El 14 de abril de 1912 Purificación Castellano estaba cenando tranquilamente en su palacete madrileño cuando, de pronto, un moscardón cayó en su plato de sopa.
A lo mejor pensáis que es algo que, a pesar de ser asqueroso, entraba dentro de la normalidad, pero Doña Purificación supo en aquel momento que aquello era una señal y que a su hijo, Víctor Peñasco, le había sucedido algo. ¿Tenía razón, o era solo aprensión? Pues bien, para descubrirlo tendremos que retroceder en el tiempo e irnos unos 16 meses atrás, al momento en que Víctor Peñasco Castellana se casó con María Josefa Pérez de Soto, Pepita para la familia, uniéndose dos de las mayores fortunas de España. Era un 8 de diciembre de 1910 y fue una boda de campanillas (el novio era sobrino nieto de José Canalejas, que en aquel momento era presidente del consejo de ministros de España). ¿Queréis conocerlos? Pues aquí los tenéis.
Él tenía 24 años y ella 22, y después de la boda empezaron una larguísima luna de miel, como se llevaba entonces entre las familias de posibles. Palco en la ópera de Viena, noches de ensueño en el casino de Montecarlo, cenas en Maxim’s, en París, el Orient Express… De vez en cuando se pasaban por Madrid a ver cómo iban las obras de su nueva casa, pues aunque Doña Purificación les había ofrecido la suya ya se sabe que “el casado, casa quiere“, y una suegra es una suegra, así que pudiéndoselo permitir como podían… El caso es que ellos no reparaban en gastos ni en la casa ni en el viaje ni tenían por qué hacerlo, pero todo aquello tenía un límite, uno solo: cuando Doña Purificación se despidió de ellos les dijo que en barco, ni hablar.

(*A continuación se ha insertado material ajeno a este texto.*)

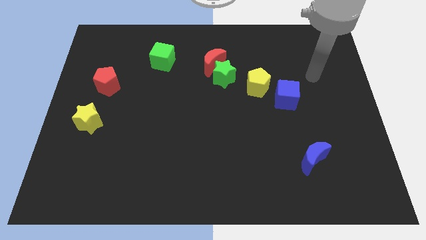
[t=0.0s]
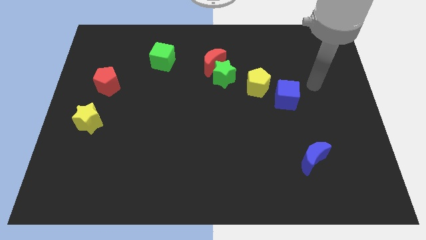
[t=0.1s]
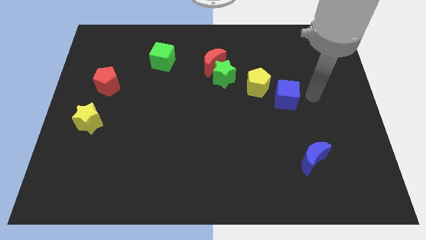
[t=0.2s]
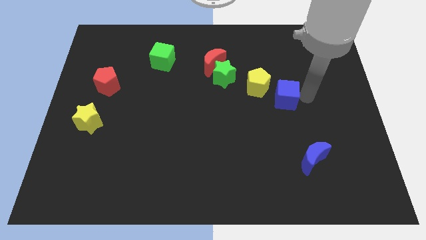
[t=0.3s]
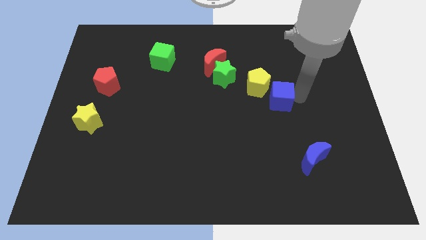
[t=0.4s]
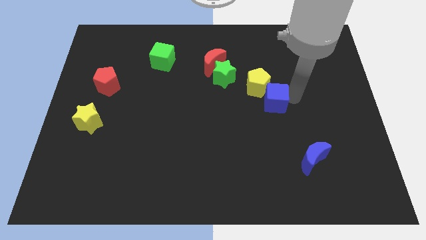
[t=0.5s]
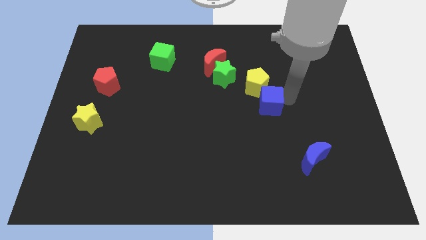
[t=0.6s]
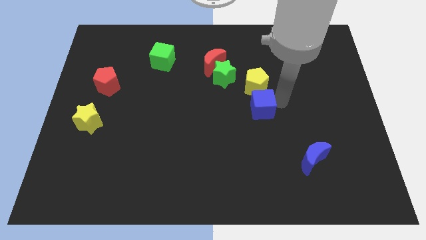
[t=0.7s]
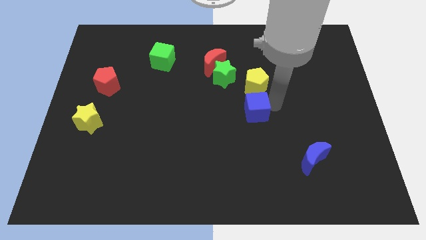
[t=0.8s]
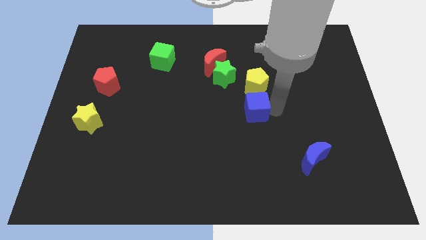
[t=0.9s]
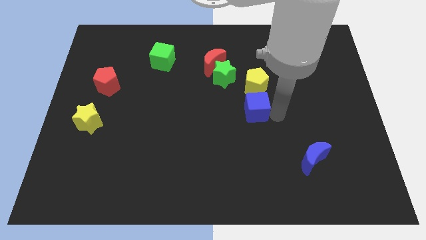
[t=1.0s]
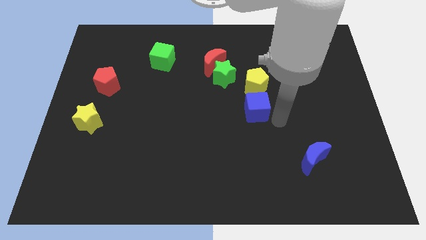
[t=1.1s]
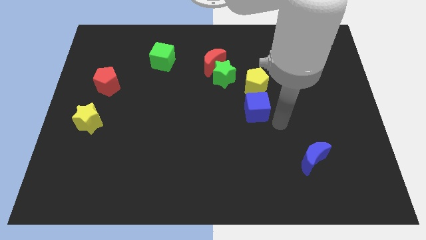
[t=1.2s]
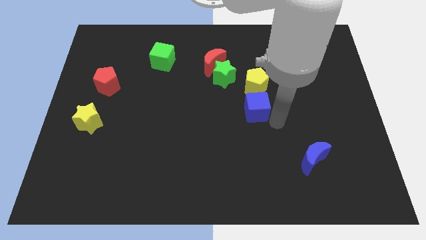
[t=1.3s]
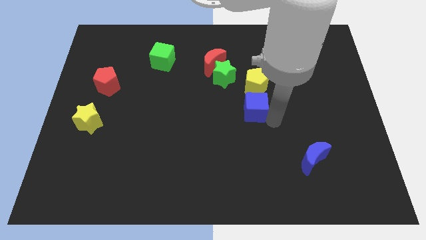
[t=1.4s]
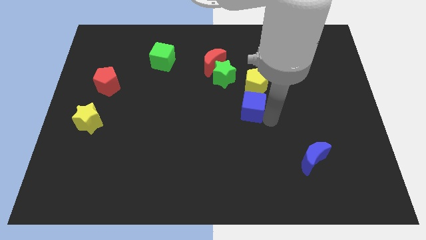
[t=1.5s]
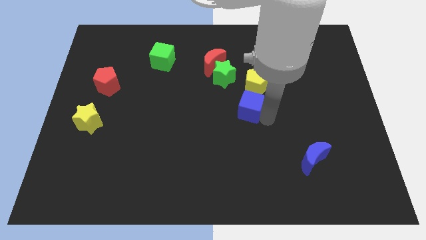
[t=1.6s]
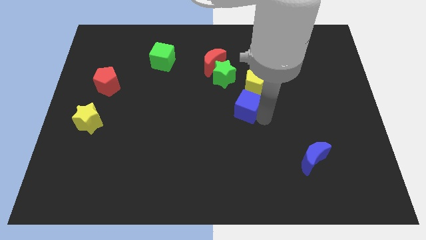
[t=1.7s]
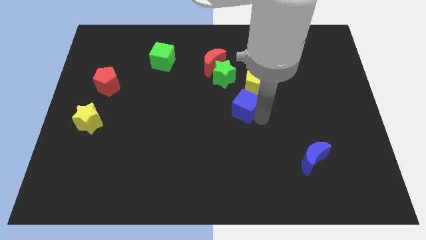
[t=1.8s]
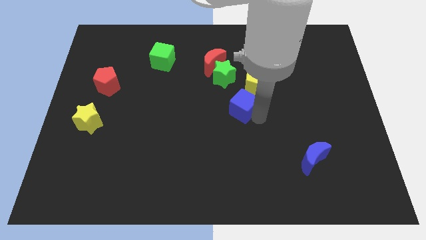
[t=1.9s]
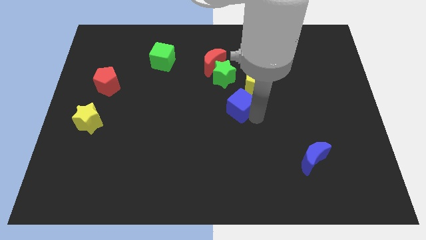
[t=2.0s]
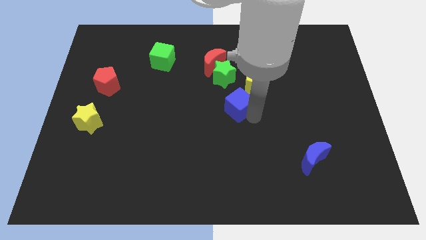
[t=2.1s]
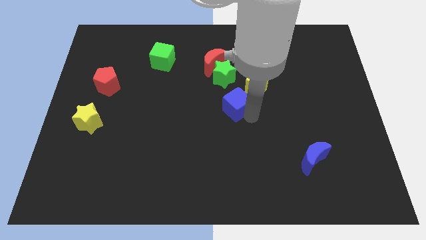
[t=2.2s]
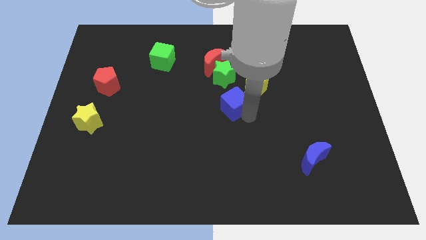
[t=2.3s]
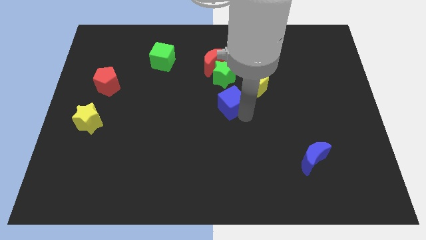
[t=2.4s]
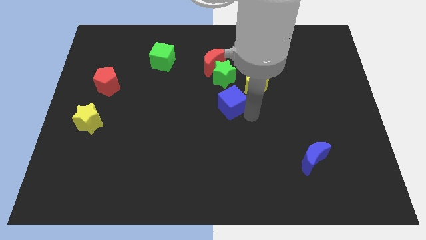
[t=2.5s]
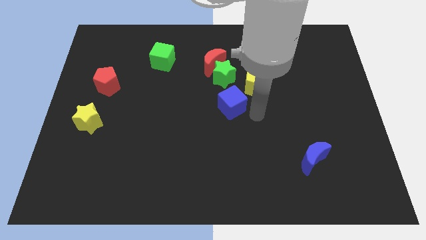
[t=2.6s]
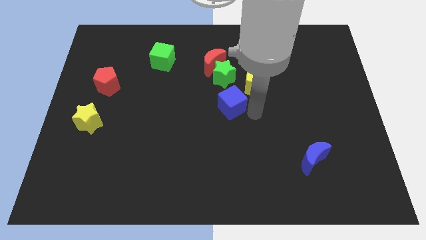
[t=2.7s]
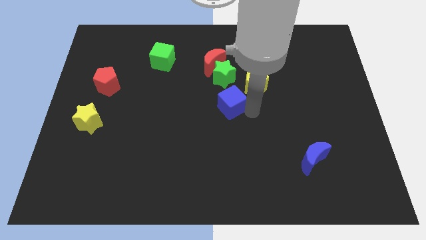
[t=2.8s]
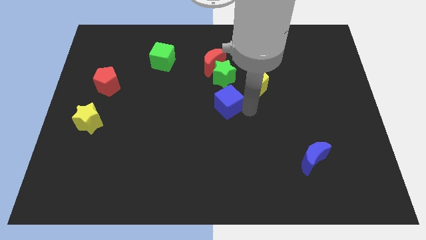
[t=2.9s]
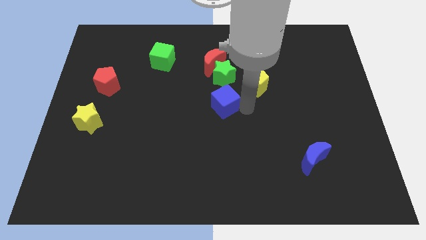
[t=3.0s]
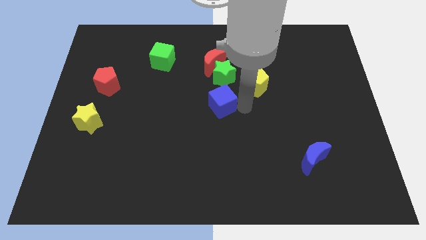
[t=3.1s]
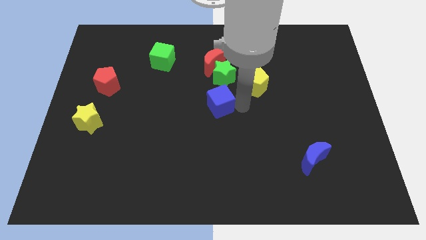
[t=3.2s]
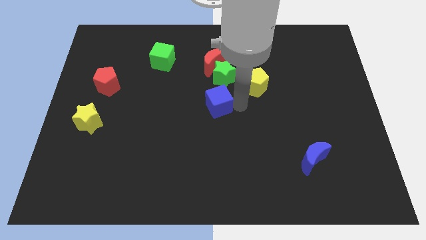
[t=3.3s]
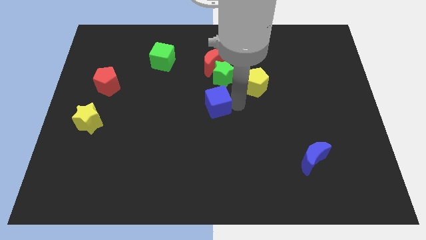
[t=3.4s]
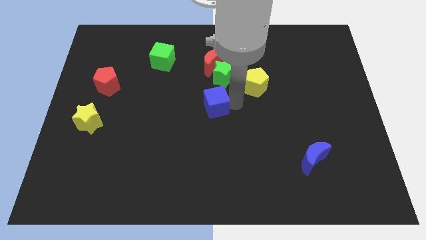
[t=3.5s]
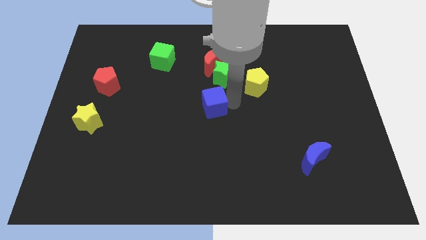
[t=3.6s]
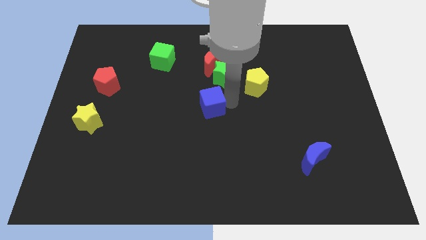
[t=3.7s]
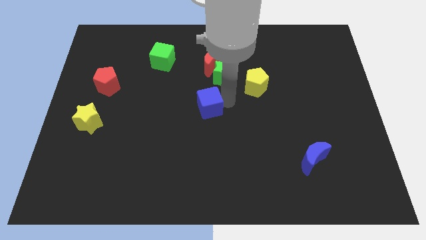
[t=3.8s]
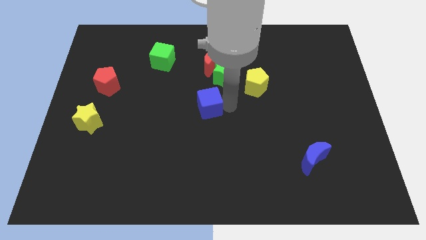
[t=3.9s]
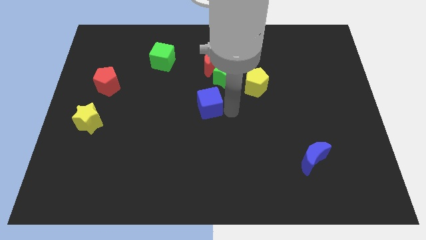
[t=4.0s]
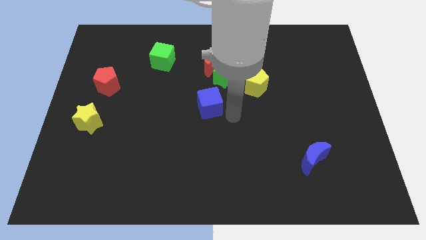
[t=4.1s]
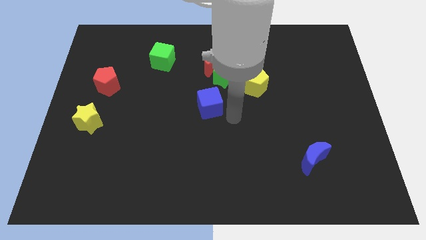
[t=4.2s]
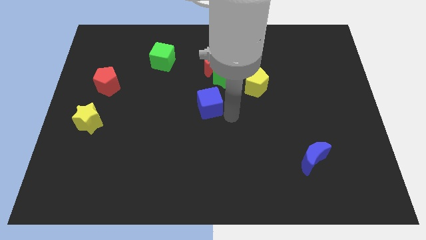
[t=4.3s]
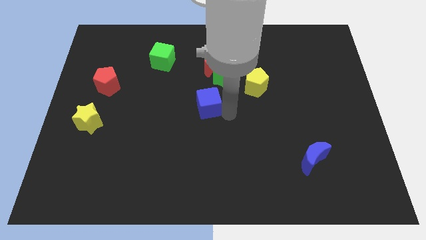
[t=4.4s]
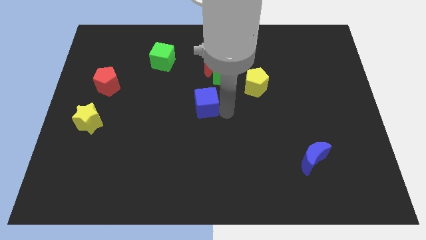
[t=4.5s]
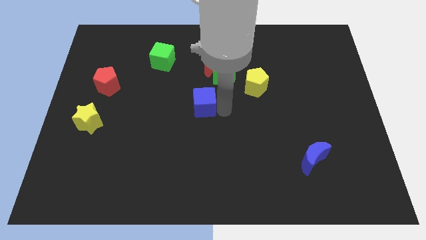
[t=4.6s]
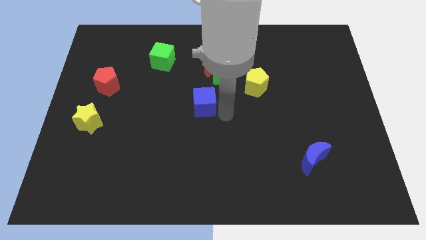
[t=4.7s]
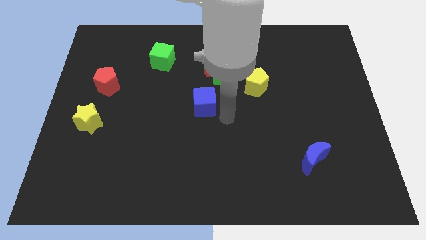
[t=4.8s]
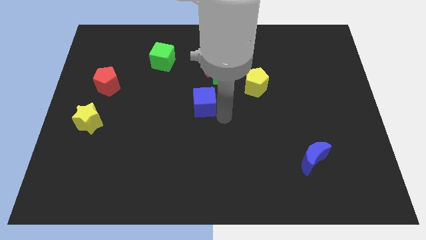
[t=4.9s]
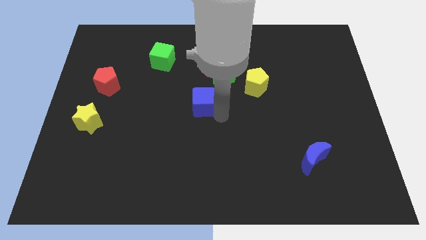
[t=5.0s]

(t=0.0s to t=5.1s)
slide the blue cube left

A la mujer le había dado como un pálpito, un presentimiento, y les pidió por lo más sagrado que le dieran ese gusto y que hicieran el favor de no embarcarse en un trasatlántico de aquellos. Quién sabe si conocía una novela que un tal Morgan Robertson había escrito unos años antes titulada “Futilidad“, en la que un barco llamado Titán se hundía a mitad del recorrido de Nueva York a Southampton tras chocar con un iceberg. ¿Dotes adivinatorias? ¿Pura casualidad? Vaya usted a saber.

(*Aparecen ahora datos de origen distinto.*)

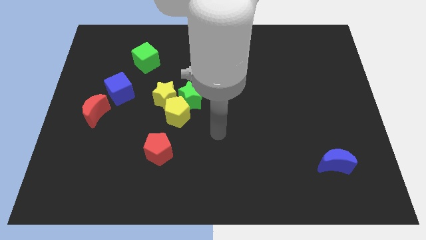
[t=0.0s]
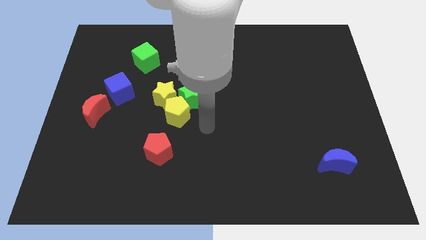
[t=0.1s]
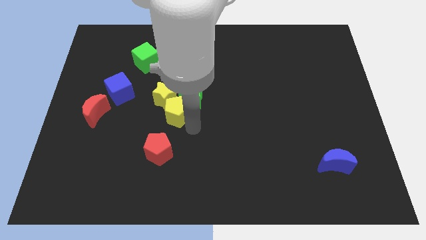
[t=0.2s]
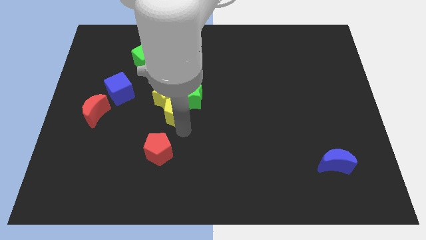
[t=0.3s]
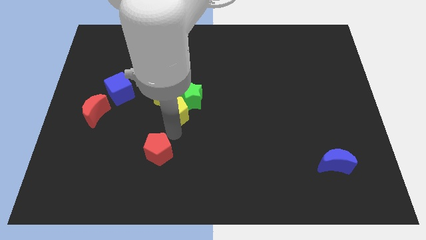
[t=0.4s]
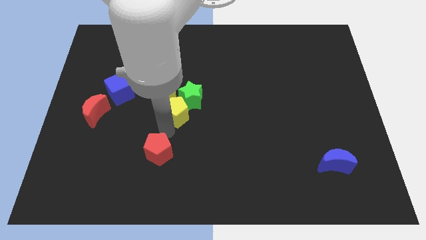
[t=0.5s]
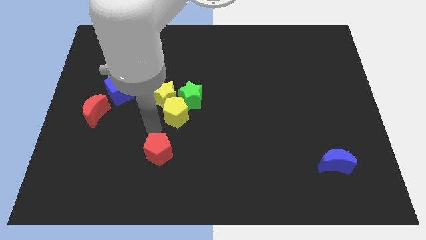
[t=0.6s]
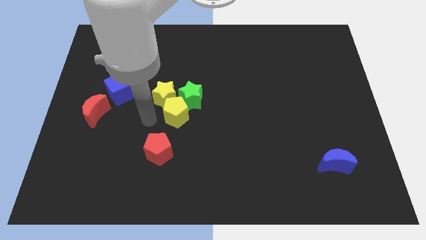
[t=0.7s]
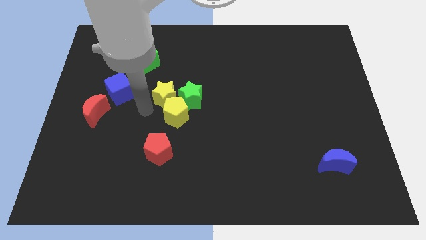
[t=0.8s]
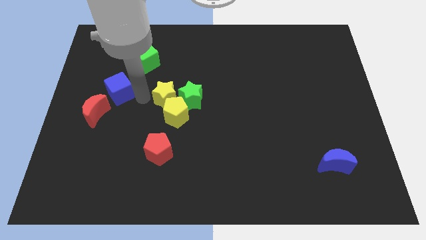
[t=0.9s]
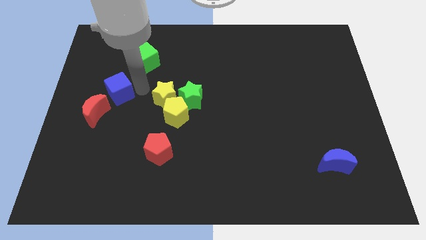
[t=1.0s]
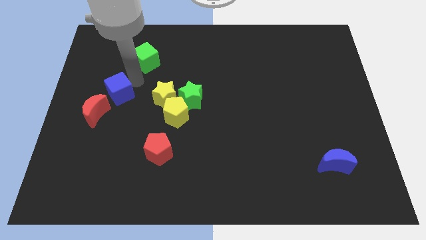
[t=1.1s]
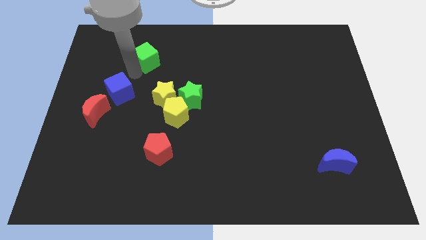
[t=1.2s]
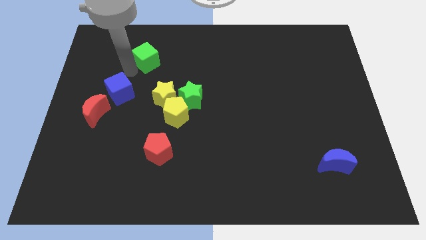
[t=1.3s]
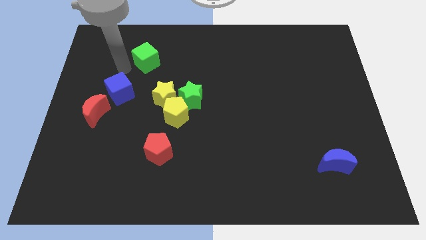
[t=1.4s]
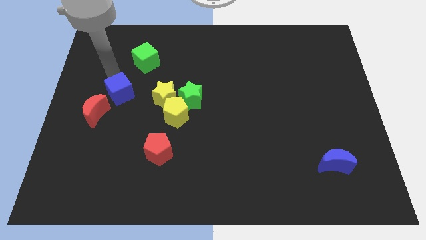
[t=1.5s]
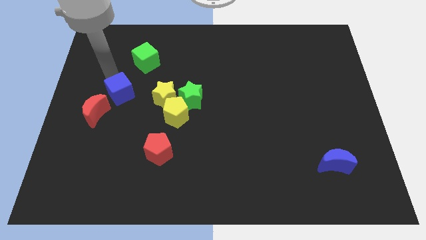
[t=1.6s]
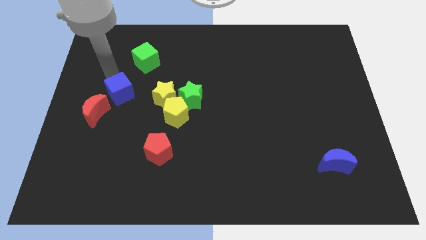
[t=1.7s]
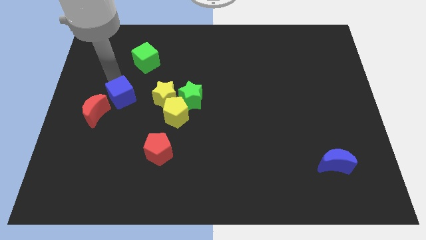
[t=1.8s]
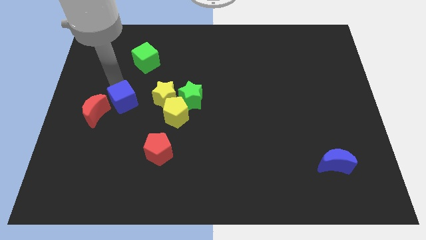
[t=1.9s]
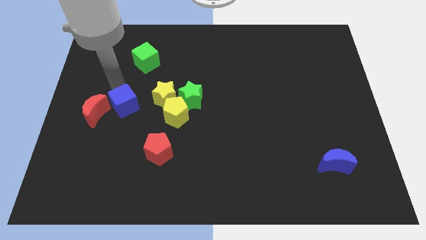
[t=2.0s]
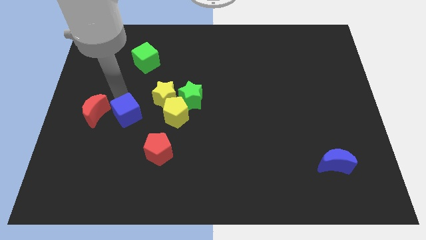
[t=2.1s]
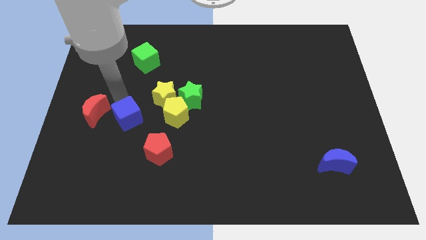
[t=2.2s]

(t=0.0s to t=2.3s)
slide the blue cube downwards and then to the right a bit

Durante una buena temporada Víctor y Pepita se portaron bien y cumplieron su promesa, pero… un día estaban en Maxim’s, en París, y vieron publicidad de ese nuevo barco tan lujoso del que todo el mundo hablaba. ¿Qué hacemos? “Chica, no sé, no conocemos Nueva York…“. “Ya, pero ¿y lo que dijo tu madre? Se lo prometimos“. “Deja a mi madre tranquila en Madrid, que total no se va a enterar“. “Ya, pero si se entera seguro que dice que es cosa de la nuera, que tú te dejaste embolicar por mi, que de bueno te pasas y así te va, y tal y tal y tal“. “Ay, chica, nos vamos y ya está”. “Pues venga, nos vamos, pero si se entera tu madre es culpa tuya, ¿estamos o no estamos?”. Pues eso, que siendo ricos, jóvenes, enamorados y con ganas de marcharse, ¿quién no lo hubiera hecho? Eso sí, chicos precavidos como eran tomaron la precaución de dejar a su mayordomo, Eulogio, en París. ¿Para qué? Pues le dejaron un fajo de postales para Doña Purificación, para que se las fuera mandando cada día y que ella estuviera tranquila. Un día le contaban que habían ido a la Ópera, otro a Versalles, otro al Louvre… Qué majicos, ¿verdad?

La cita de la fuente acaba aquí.